*** Data shown Section Begins ***

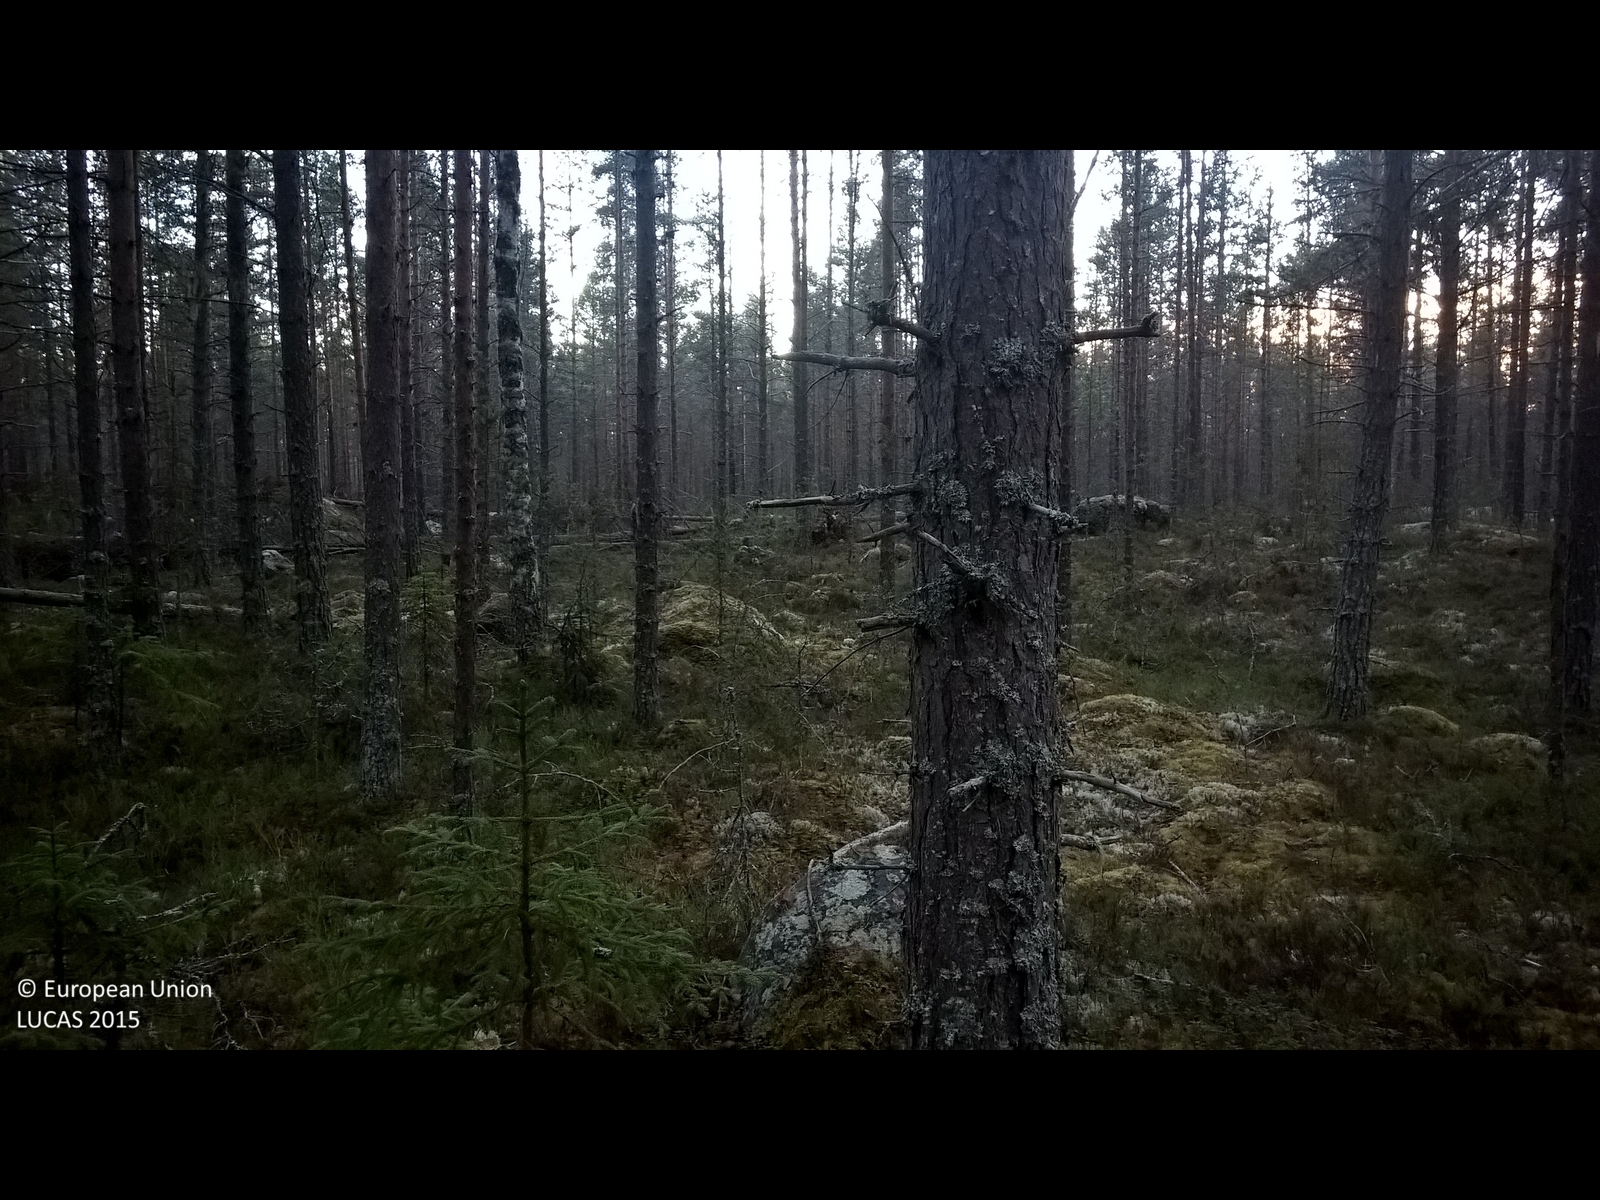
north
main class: Woodland
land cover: Pine dominated coniferous woodland
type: boreal forest
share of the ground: > 75 %
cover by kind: coniferous forest trees 80 %, shrubs 10 %, lichens and mosses 10 %
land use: Forestry
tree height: > 5 m
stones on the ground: < 10 %
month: November
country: SE
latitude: 62.4631
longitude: 15.3507

*** Data shown Section Ends ***

Work instructions –
From the first line to the last, set down the data exactly, without the pictures.

Reply –
north
main class: Woodland
land cover: Pine dominated coniferous woodland
type: boreal forest
share of the ground: > 75 %
cover by kind: coniferous forest trees 80 %, shrubs 10 %, lichens and mosses 10 %
land use: Forestry
tree height: > 5 m
stones on the ground: < 10 %
month: November
country: SE
latitude: 62.4631
longitude: 15.3507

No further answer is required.